*** Input data ***

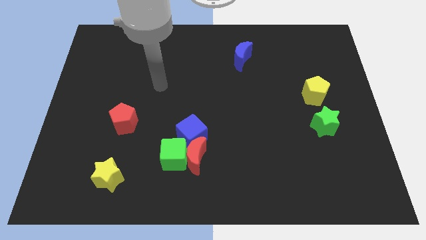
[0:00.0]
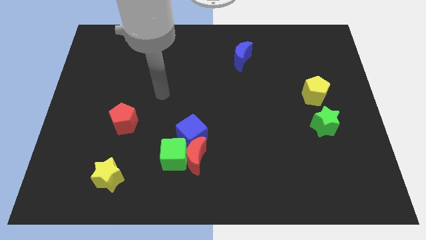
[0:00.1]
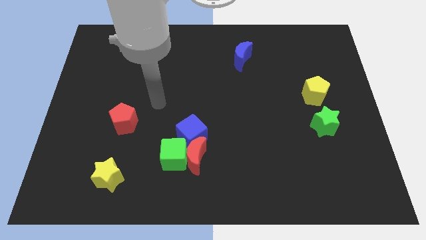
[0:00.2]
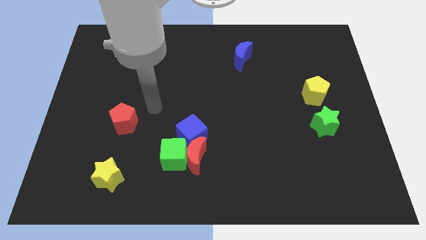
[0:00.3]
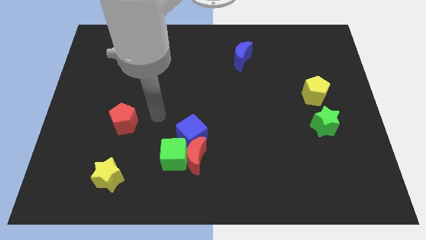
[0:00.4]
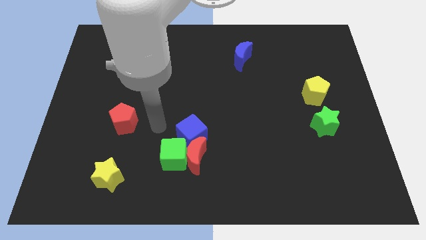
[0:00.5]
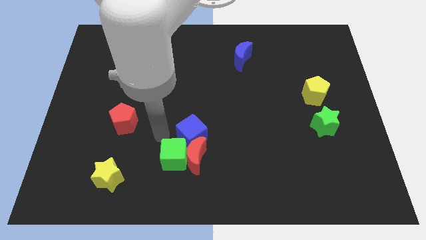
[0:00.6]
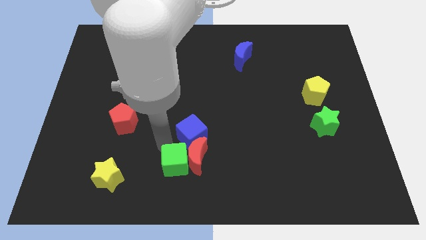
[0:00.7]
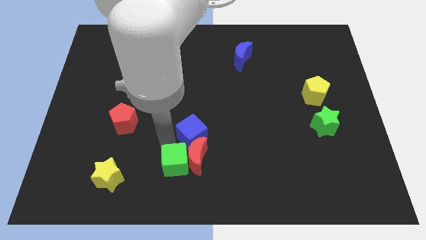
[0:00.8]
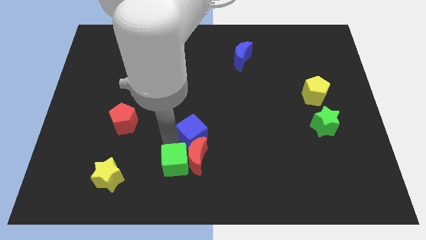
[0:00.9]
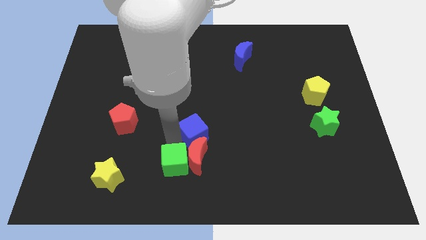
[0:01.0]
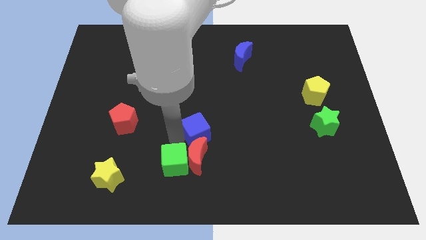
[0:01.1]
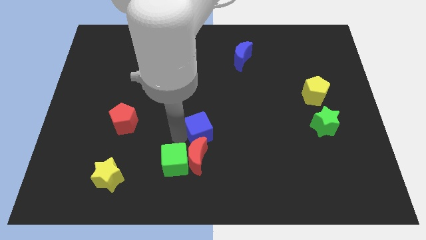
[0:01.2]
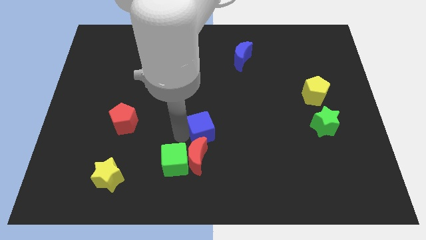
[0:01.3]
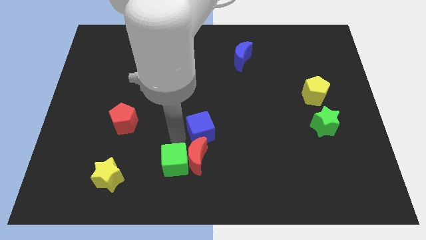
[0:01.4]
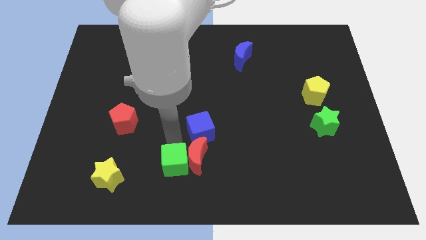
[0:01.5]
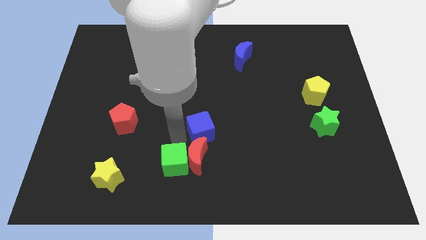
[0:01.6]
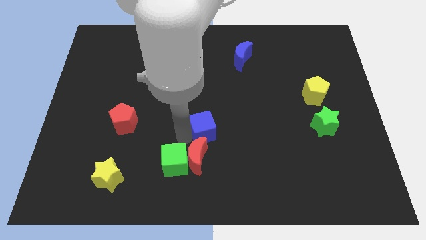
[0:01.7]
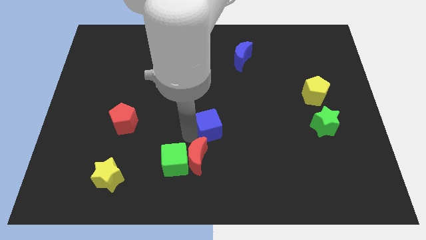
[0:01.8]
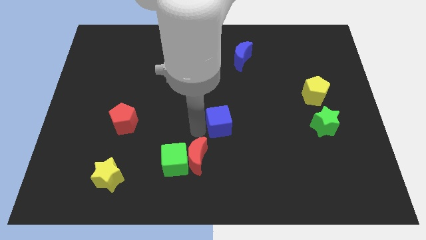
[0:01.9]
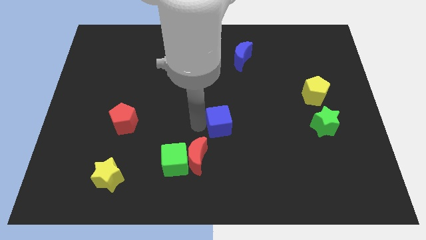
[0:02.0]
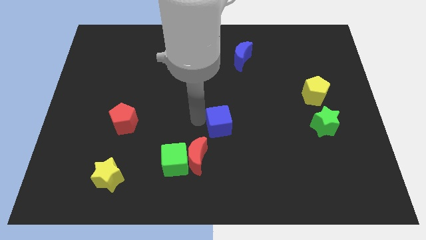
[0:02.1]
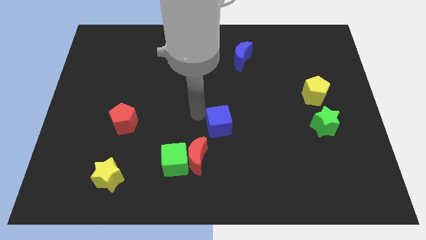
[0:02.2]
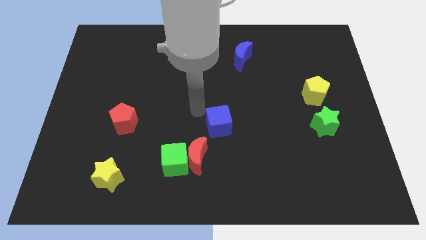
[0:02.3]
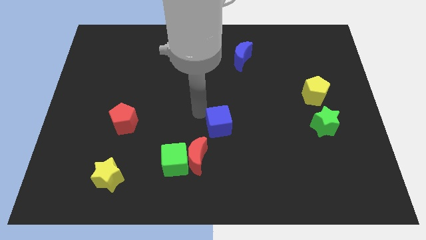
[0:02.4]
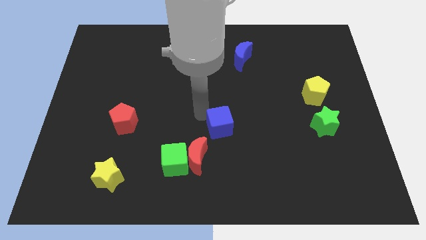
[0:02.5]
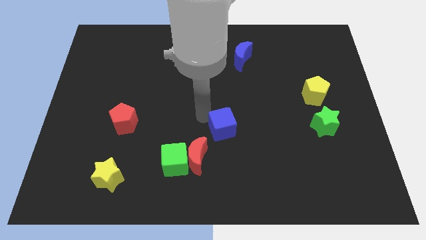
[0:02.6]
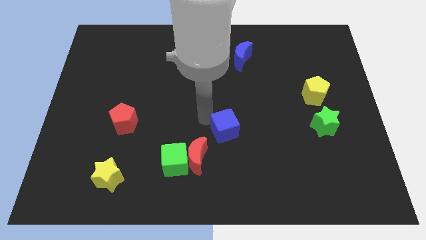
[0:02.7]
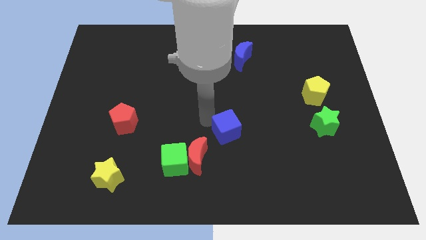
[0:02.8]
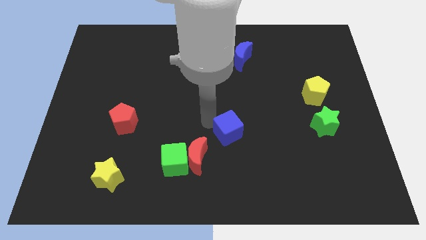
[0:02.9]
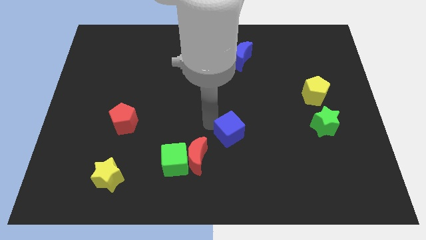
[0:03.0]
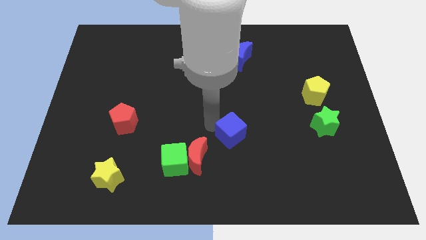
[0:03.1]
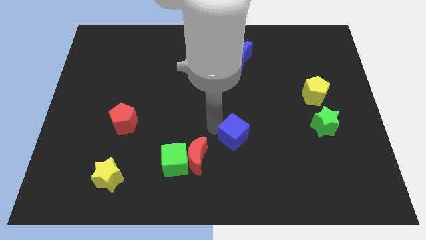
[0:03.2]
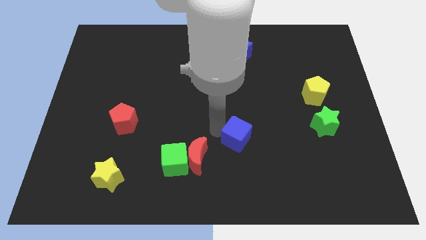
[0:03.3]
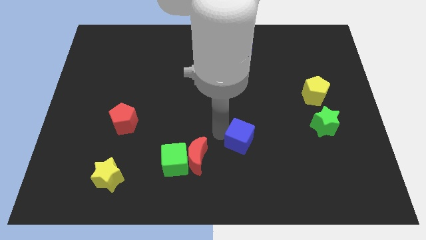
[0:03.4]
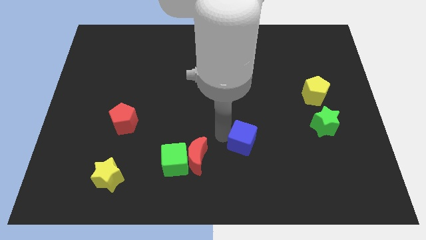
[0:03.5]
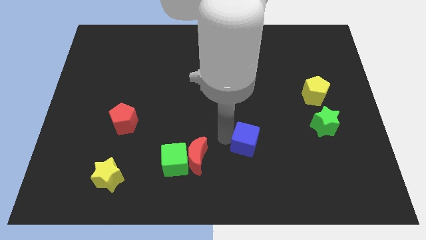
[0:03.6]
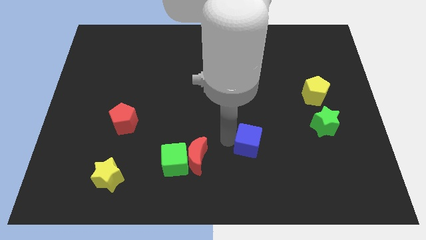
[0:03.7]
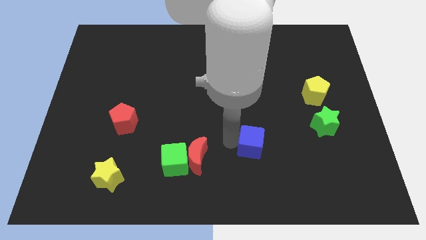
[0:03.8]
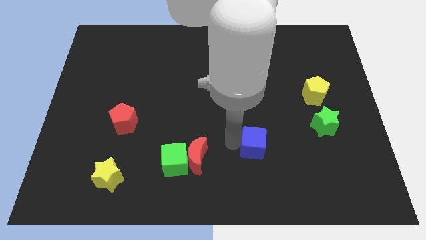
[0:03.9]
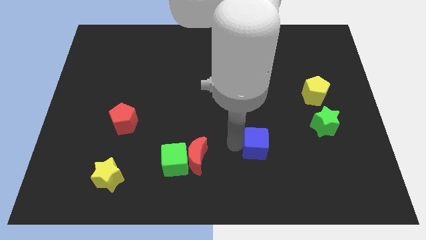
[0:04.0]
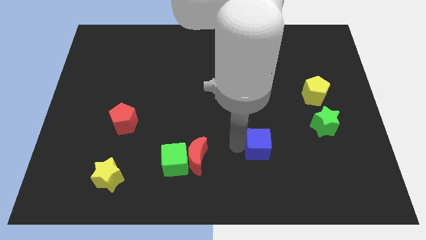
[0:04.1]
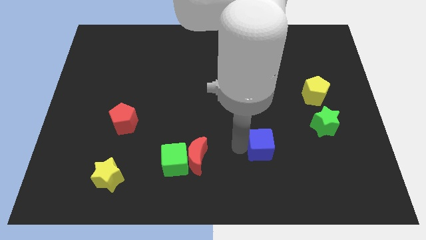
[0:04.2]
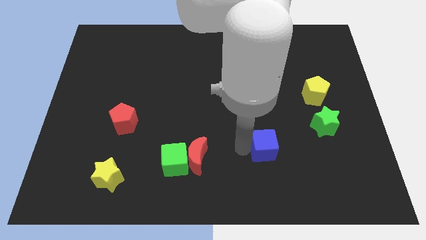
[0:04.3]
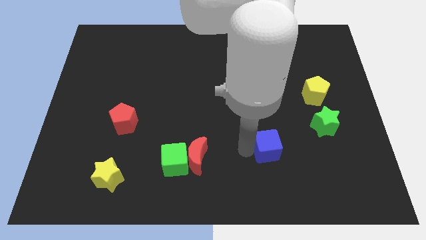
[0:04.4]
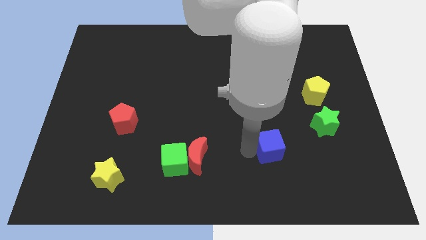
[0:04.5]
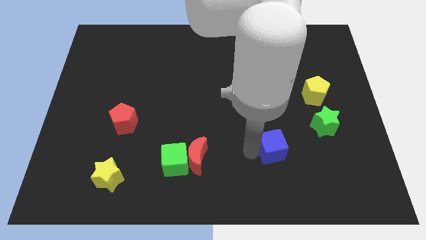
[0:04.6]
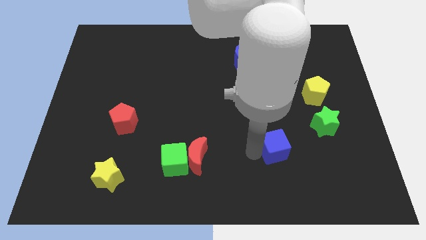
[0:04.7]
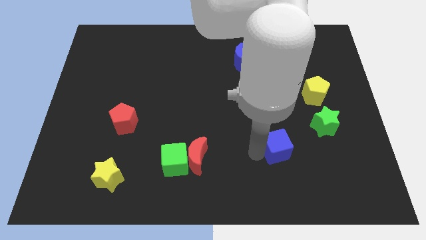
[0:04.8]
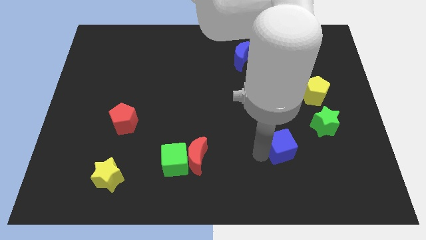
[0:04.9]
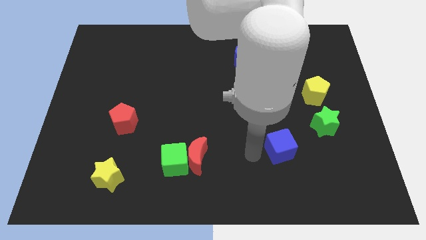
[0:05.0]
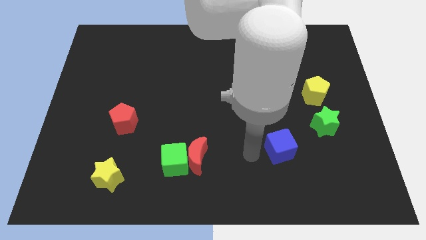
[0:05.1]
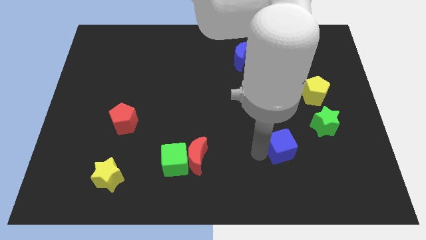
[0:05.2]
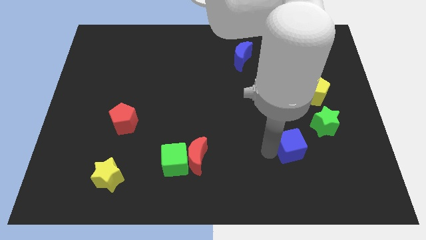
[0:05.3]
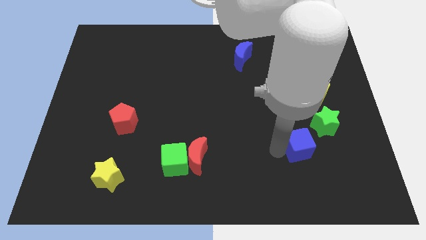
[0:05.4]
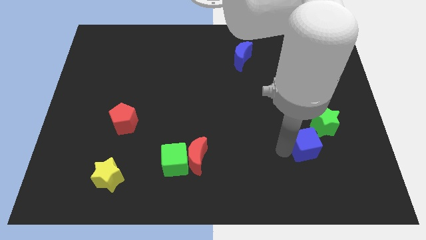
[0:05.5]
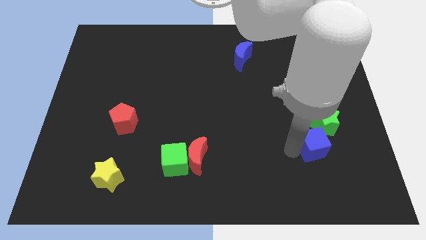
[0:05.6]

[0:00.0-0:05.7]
move the blue cube to the bottom side of the yellow pentagon

***

- [Try it] Write the lines above out again exactly, excluding every picture.

- [Completed exercise]
[0:00.0]
[0:00.1]
[0:00.2]
[0:00.3]
[0:00.4]
[0:00.5]
[0:00.6]
[0:00.7]
[0:00.8]
[0:00.9]
[0:01.0]
[0:01.1]
[0:01.2]
[0:01.3]
[0:01.4]
[0:01.5]
[0:01.6]
[0:01.7]
[0:01.8]
[0:01.9]
[0:02.0]
[0:02.1]
[0:02.2]
[0:02.3]
[0:02.4]
[0:02.5]
[0:02.6]
[0:02.7]
[0:02.8]
[0:02.9]
[0:03.0]
[0:03.1]
[0:03.2]
[0:03.3]
[0:03.4]
[0:03.5]
[0:03.6]
[0:03.7]
[0:03.8]
[0:03.9]
[0:04.0]
[0:04.1]
[0:04.2]
[0:04.3]
[0:04.4]
[0:04.5]
[0:04.6]
[0:04.7]
[0:04.8]
[0:04.9]
[0:05.0]
[0:05.1]
[0:05.2]
[0:05.3]
[0:05.4]
[0:05.5]
[0:05.6]

[0:00.0-0:05.7]
move the blue cube to the bottom side of the yellow pentagon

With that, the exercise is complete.